From the line that contains "(00:00:03.600)" through the closing line of the entries, write out each line exactly; pictures stay out.

____ Task material

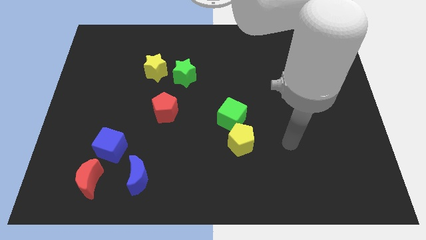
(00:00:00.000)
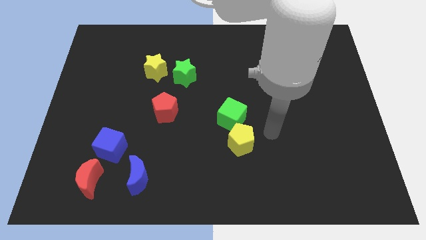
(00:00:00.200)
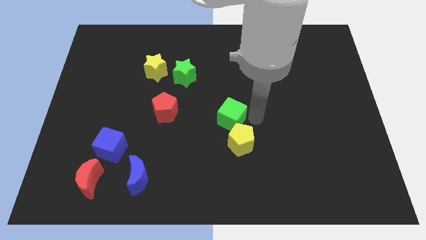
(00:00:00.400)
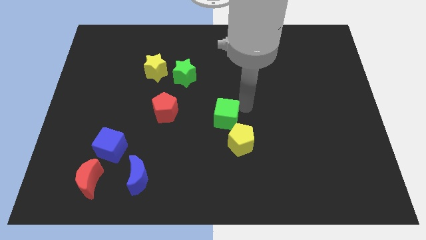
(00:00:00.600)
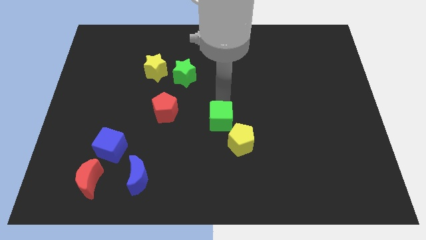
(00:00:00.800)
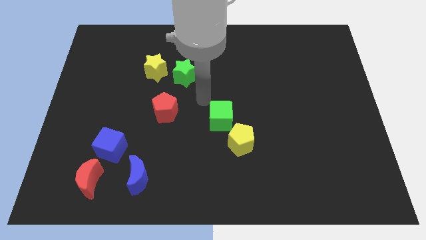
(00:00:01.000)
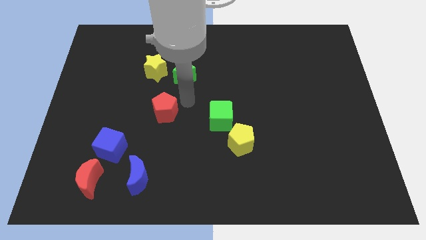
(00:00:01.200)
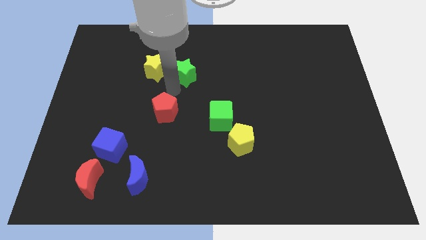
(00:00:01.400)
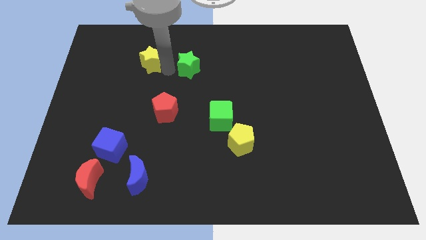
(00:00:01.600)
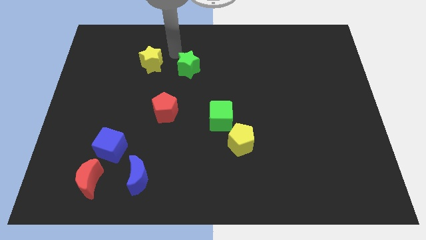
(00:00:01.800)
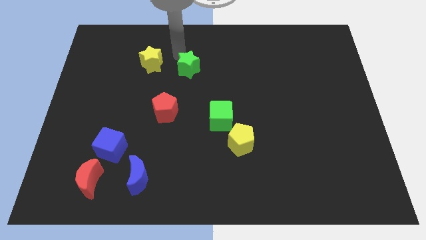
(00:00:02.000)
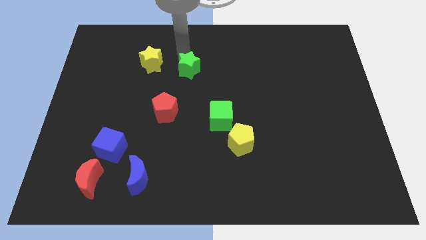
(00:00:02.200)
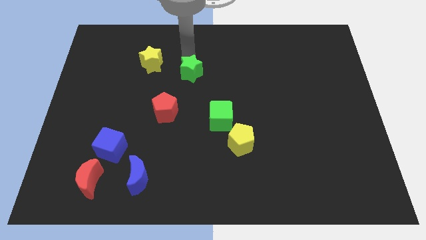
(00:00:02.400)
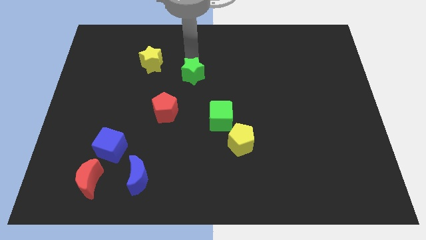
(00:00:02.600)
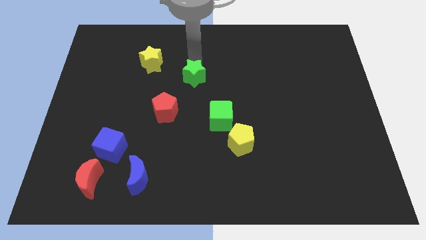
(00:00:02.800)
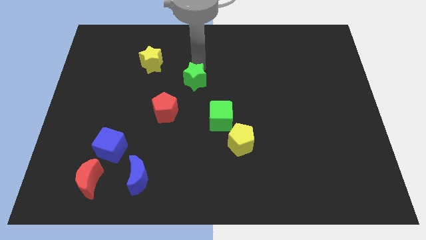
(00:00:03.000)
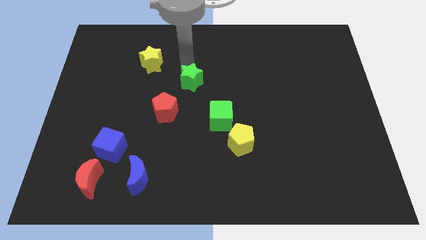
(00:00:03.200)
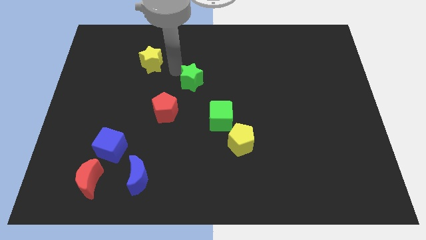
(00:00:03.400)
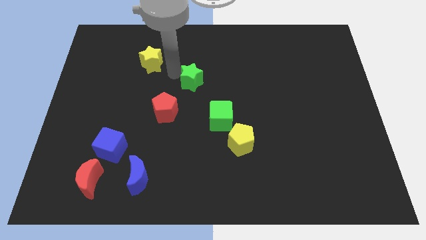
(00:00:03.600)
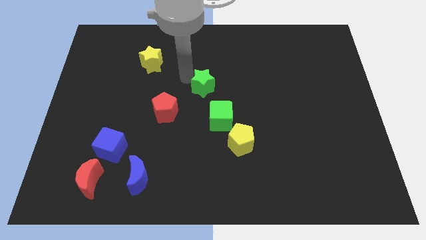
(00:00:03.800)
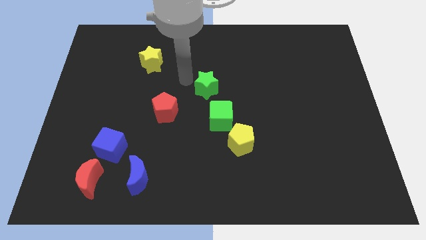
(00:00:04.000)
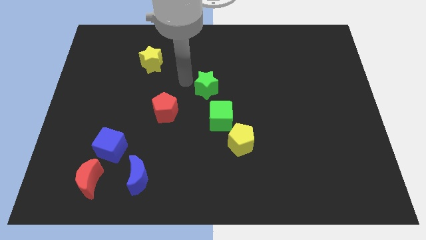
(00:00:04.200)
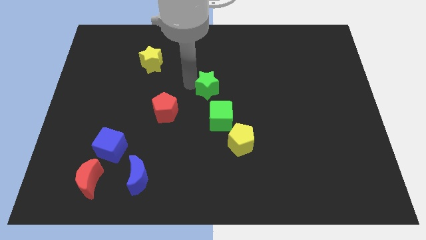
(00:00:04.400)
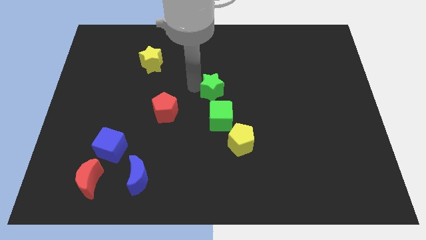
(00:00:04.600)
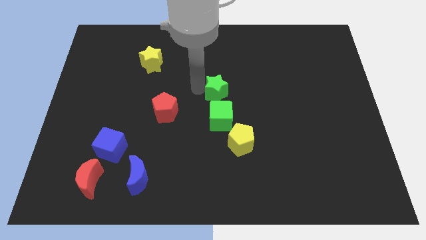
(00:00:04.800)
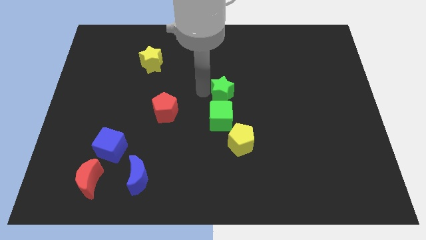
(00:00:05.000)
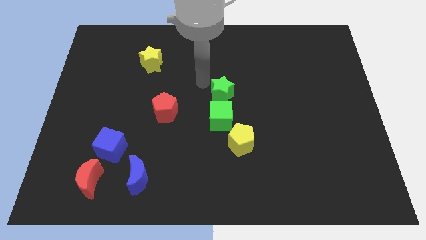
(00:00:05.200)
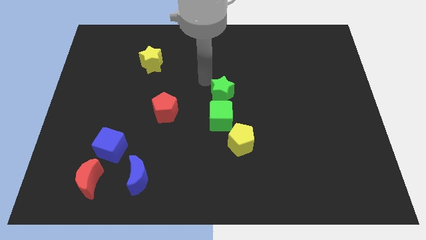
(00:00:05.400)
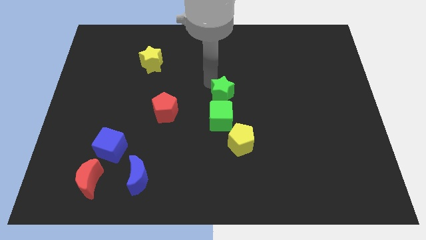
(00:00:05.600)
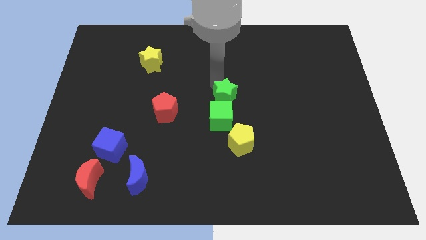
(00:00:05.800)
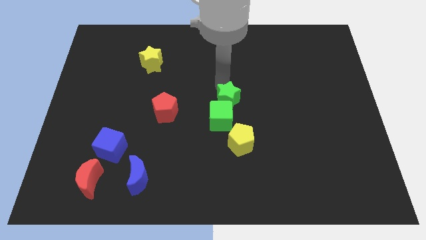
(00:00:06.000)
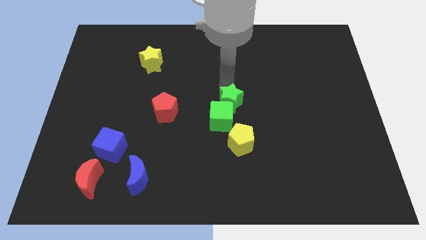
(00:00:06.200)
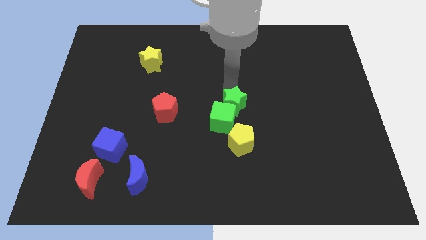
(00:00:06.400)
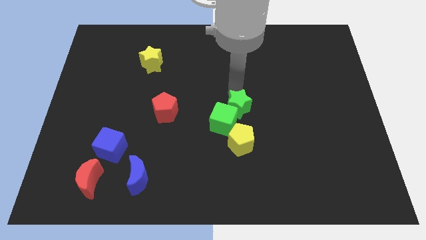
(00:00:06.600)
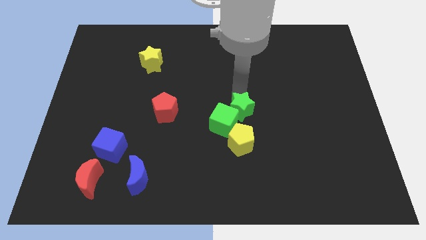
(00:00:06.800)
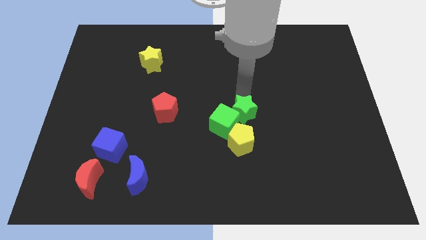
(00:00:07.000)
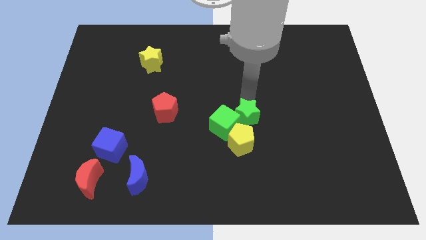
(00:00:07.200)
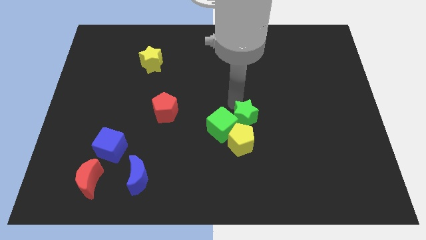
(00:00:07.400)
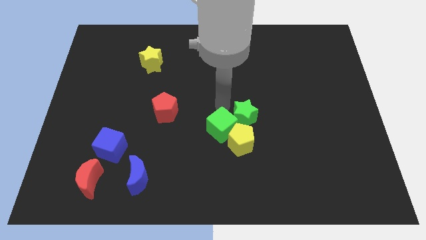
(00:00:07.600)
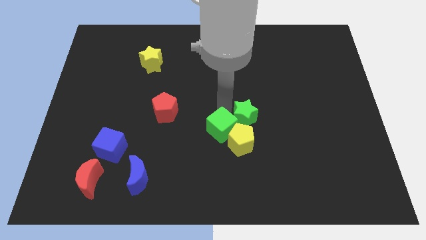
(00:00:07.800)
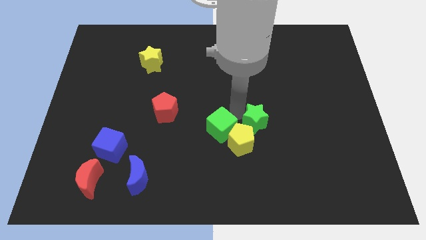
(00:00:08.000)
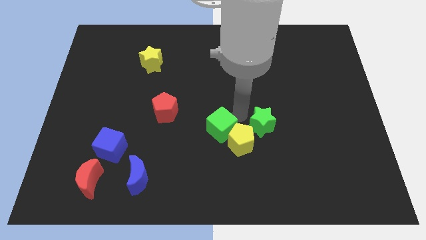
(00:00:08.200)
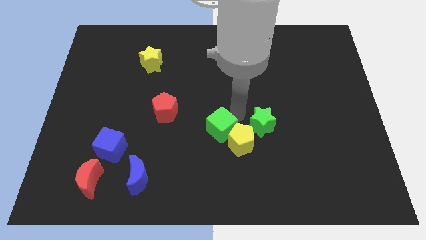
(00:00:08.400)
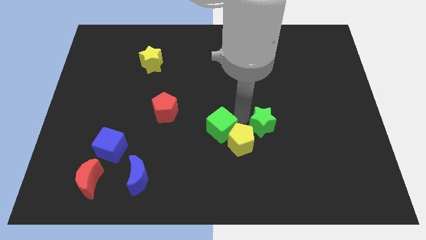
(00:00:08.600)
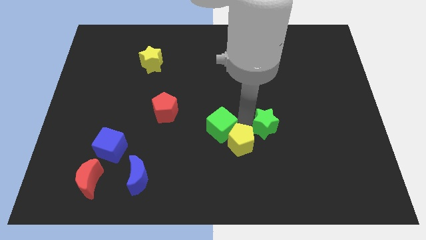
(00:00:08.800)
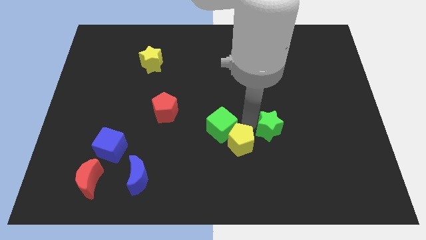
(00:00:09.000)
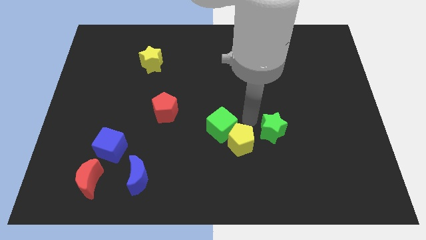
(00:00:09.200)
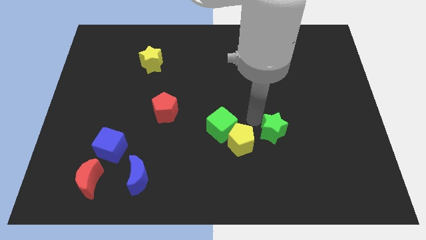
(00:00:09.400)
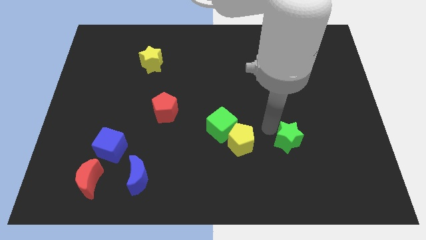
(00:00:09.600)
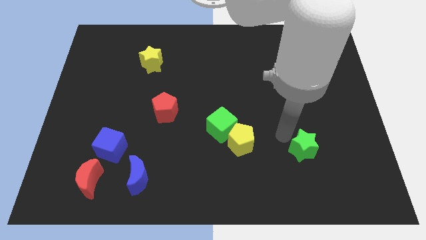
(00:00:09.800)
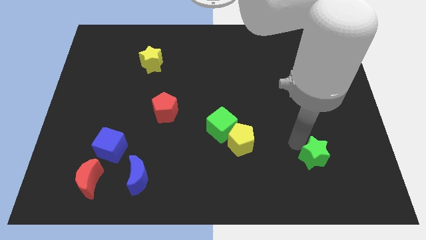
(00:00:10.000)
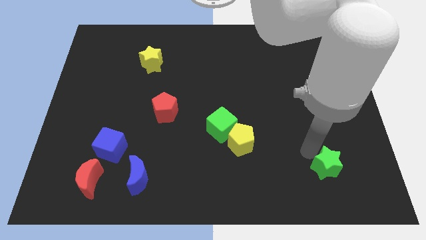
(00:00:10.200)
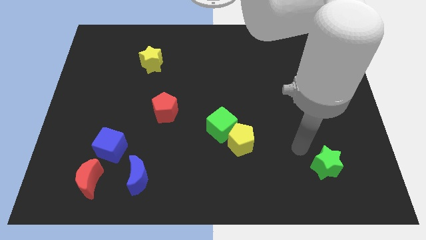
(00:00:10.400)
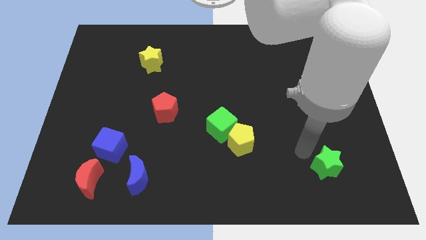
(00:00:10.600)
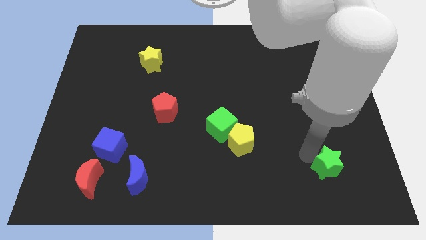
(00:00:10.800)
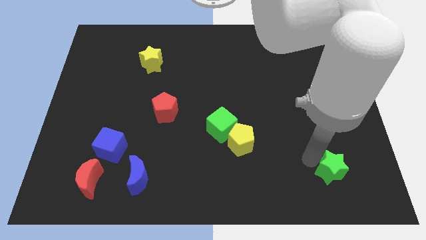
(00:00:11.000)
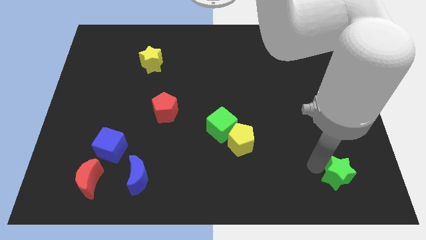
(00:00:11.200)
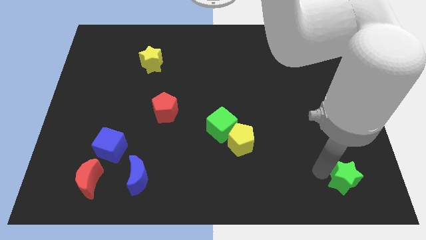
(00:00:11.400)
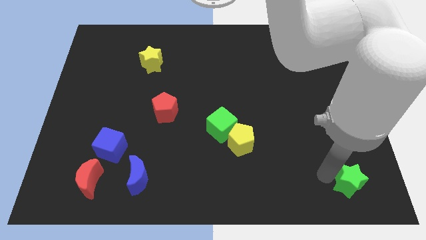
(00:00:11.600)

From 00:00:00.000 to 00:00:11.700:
put the green star to the bottom right of the board

________

Response for this exercise.
(00:00:03.600)
(00:00:03.800)
(00:00:04.000)
(00:00:04.200)
(00:00:04.400)
(00:00:04.600)
(00:00:04.800)
(00:00:05.000)
(00:00:05.200)
(00:00:05.400)
(00:00:05.600)
(00:00:05.800)
(00:00:06.000)
(00:00:06.200)
(00:00:06.400)
(00:00:06.600)
(00:00:06.800)
(00:00:07.000)
(00:00:07.200)
(00:00:07.400)
(00:00:07.600)
(00:00:07.800)
(00:00:08.000)
(00:00:08.200)
(00:00:08.400)
(00:00:08.600)
(00:00:08.800)
(00:00:09.000)
(00:00:09.200)
(00:00:09.400)
(00:00:09.600)
(00:00:09.800)
(00:00:10.000)
(00:00:10.200)
(00:00:10.400)
(00:00:10.600)
(00:00:10.800)
(00:00:11.000)
(00:00:11.200)
(00:00:11.400)
(00:00:11.600)

From 00:00:00.000 to 00:00:11.700:
put the green star to the bottom right of the board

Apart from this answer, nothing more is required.